Allan Goodman, President and CEO, IIE, USA

Published 11/11/2016

As president and CEO of the Institute of International Education, Allan Goodman has spearheaded efforts to build higher education collaboration with Cuba and Iran, championed education for students and scholars at risks and headed up IIE’s flagship initiative to double US students studying abroad. He shares his vision of an outward-looking America and education as a force for peace in a conflicted world.

The PIE: I think the election of Donald Trump came as a surprise to most of us in international education. How do you think it will affect the sector?

AG: What I can say at the moment is that throughout nearly a century of surveying campuses, IIE’s Open Doors Report has documented that US campuses have consistently welcomed international students from all walks of life and locations. Students choose US higher education as an investment in their future because of its high quality and diversity of opportunity, and we believe they will continue to do so.

The PIE: What would you like to see from President-elect Trump in terms of support for international education?

“It is not a natural thing for most Americans to get a passport”

AG: I think the State Department should give every college student a free passport. I think that if Abraham Lincoln gave us free public education of Land Grant colleges, on the 150th anniversary of him signing the Land Grant College Act, which will occur in the next president’s administration, it would be great to give every student in college at that point a passport.

I know there are many obstacles to the fees, regulated by Congress, but Congress also gave every American an opportunity to have an education. Now maybe they could give every American the opportunity to have a 21st century driving licence.

The PIE: Only a tiny proportion of young Americans have a passport, right?

AG: I would be surprised if as many as 5-10% of college students have passports. We know that less than 40% of Americans have a passport and half who do are over 60 or under the age of five.

It is not a natural thing for most Americans to get a passport, and that’s why I think that encouraging college presidents and faculty champions to say let’s make it easy – here is the booth to take the picture, here is the form to fill out, here is the post office person who comes and swears you in – that would be very powerful.

The PIE: How is IIE’s Generation Study Abroad mission to double the number of US students studying abroad going so far?

AG: At this year’s Generation Study Abroad Summit we celebrated 12 commitment partners meeting their goals to increase study abroad on their campuses. At many, the majority of students are first generation so they are also reaching people for whom the dream hadn’t been a reality until the school embraced it.

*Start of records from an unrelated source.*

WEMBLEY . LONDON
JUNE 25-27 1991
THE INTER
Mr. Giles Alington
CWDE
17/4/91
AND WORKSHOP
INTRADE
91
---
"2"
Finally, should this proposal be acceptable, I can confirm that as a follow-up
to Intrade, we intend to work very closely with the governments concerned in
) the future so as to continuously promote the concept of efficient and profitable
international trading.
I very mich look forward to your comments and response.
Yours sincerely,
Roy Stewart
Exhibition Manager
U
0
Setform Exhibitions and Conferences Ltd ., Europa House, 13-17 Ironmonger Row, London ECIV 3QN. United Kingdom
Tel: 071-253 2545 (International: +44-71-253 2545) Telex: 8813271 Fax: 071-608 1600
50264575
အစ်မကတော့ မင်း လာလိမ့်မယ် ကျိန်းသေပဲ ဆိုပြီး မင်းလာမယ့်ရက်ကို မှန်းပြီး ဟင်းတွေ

“Having a very big and ambitious target is the only way you achieve big and ambitious goals”

What we are learning is that if we are going to get to the moon it is going to happen rocket by rocket, it is going to be campus by campus because everybody has a different mix of obstacles to overcome: the mix of students, the financial constraints or opportunities, resistance or support from the faculty.

Moon shots are very difficult, but having a very big and ambitious target is the only way you achieve big and ambitious goals.

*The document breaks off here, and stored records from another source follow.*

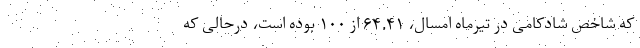
که شاخص شادکامی در تیرماه امسال، ۶۴.۴۱ از ۱۰۰ بوده است، درحالی که
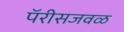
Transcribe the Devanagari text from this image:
पॅरीसजवळ
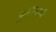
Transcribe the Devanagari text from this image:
बुझोल्डची
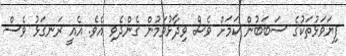
ފިޔަވަޅުތަކުގެ ސަބަބުން ކަމަށް ވެސް ވިދާޅުވަމުން ގެންދެވި އެވެ. އެއީ ރަނގަޅު ވެސް
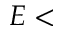
E <
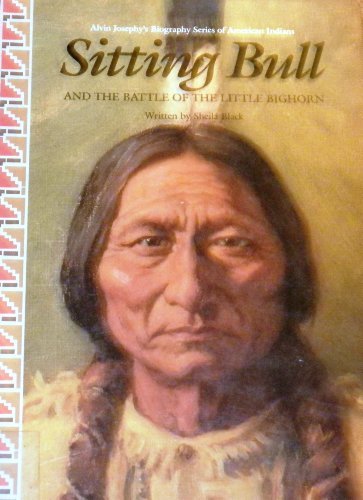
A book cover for Sitting Bull and the Battle of the Little Bighorn (Alvin Josephy's Biography Series of American Indians); Sheila Black; Teen & Young Adult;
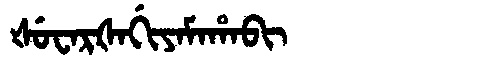
Manchu: ᡧᡠᠸᠠᡵᡧᠠᡤᡳᠶᠠᠮᠠᡥᠠᠪᡳ
Romanization: ŠUWARŠAGIYAMAHABI
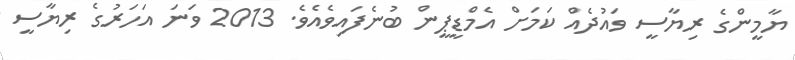
ޔާމީންގެ ރިޔާސީ ވައުދެއް ކަމަށް އެމްޑީޕީން ބުނެފައިވެއެވެ. 2013 ވަނަ އަހަރުގެ ރިޔާސީ
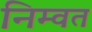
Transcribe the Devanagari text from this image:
निम्वत
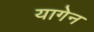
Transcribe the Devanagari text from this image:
यागेन
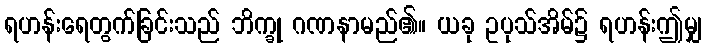
ရဟန်းရေတွက်ခြင်းသည် ဘိက္ခု ဂဏနာမည်၏။ ယခု ဥပုသ်အိမ်၌ ရဟန်းဤမျှ
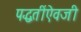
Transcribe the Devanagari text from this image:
पद्धतींऐवजी
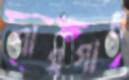
শায়গাল
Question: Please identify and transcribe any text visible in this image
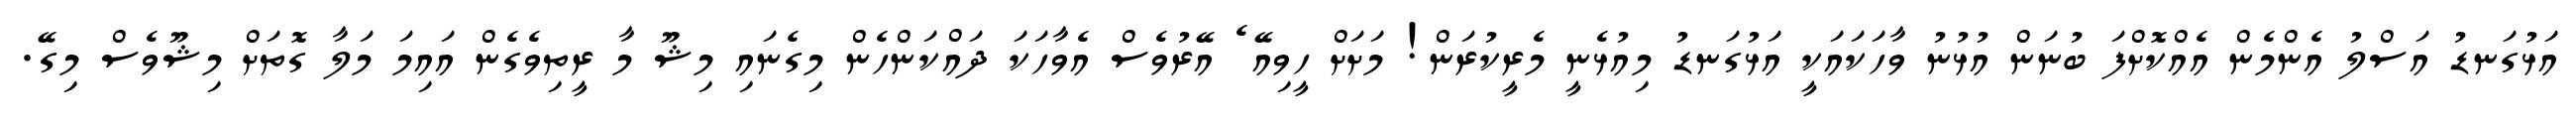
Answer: އަޅުގަނޑު އަސްލު އެންމެން އެއްކޮށްފަ ބުނަން އުޅުނު ވާހަކައަކީ އަޅުގަނޑު މިއުޅެނީ މެރީކުރަން! މަށަށް ހީވިއޭ ެ އޭރުވެސް އެވާހަކަ ދައްކަންހެން މިގެނައި މިޝޫ މާ ރީތިވެގެން އައިމަ މަލާ ގޮތަށް މިޝޫވެސް މިގޭ.

The PIE: Would you agree, then, that the role of international education is more important now than ever?

AG: Education is the only hope. We need to learn to live with each other, and education is the place where tolerance should be extolled. This is the only road to peace, because everything else seems to lead to conflict.

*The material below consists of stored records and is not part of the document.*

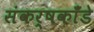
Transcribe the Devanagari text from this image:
संकर्षकाँडे
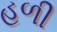
હળી
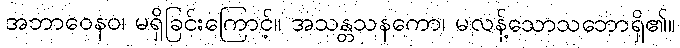
အဘာဝေနဝ၊ မရှိခြင်းကြောင့်။ အသန္တသနကော၊ မလန့်သောသဘောရှိ၏။
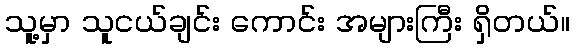
သူ့မှာ သူငယ်ချင်း ကောင်း အများကြီး ရှိတယ်။
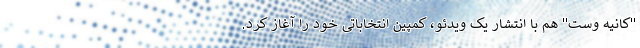
"کانیه وست" هم با انتشار یک ویدئو، کمپین انتخاباتی خود را آغاز کرد.
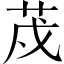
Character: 荗
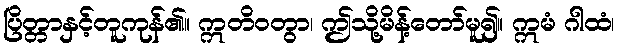
ပြိတ္တာနှင့်တူကုန်၏။ ဣတိဝတွာ၊ ဤသို့မိန့်တော်မူ၍။ ဣမံ ဂါထံ၊
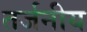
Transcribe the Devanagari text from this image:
तर्जनीय

It is the best investment we have to counter extremism, and international education will benefit Americans but it will benefit a lot of other people who demonise the other, demonise the foreigner, have the impression of Americans that we are very different people than we are if you sit down with us.

The PIE: You’ve been a big advocate of helping refugees and displaced students to continue their education safely; are you encouraged by the number of initiatives happening right now in the US to do that?

AG: I am ever encouraged by schools who are saying they will take a Syrian student and find a way to cover their tuition. It’s not only Syrians, it is Somalis in camps in Kenya who have now spent their whole life there, so they have just graduated high school but they have no place to go.

The higher ed community gets that if we don’t do something about the lost generation, our world is going to be in a world of hurt and there will be a lot more conflict.

“If we don’t do something about the lost generation, our world is going to be in a world of hurt”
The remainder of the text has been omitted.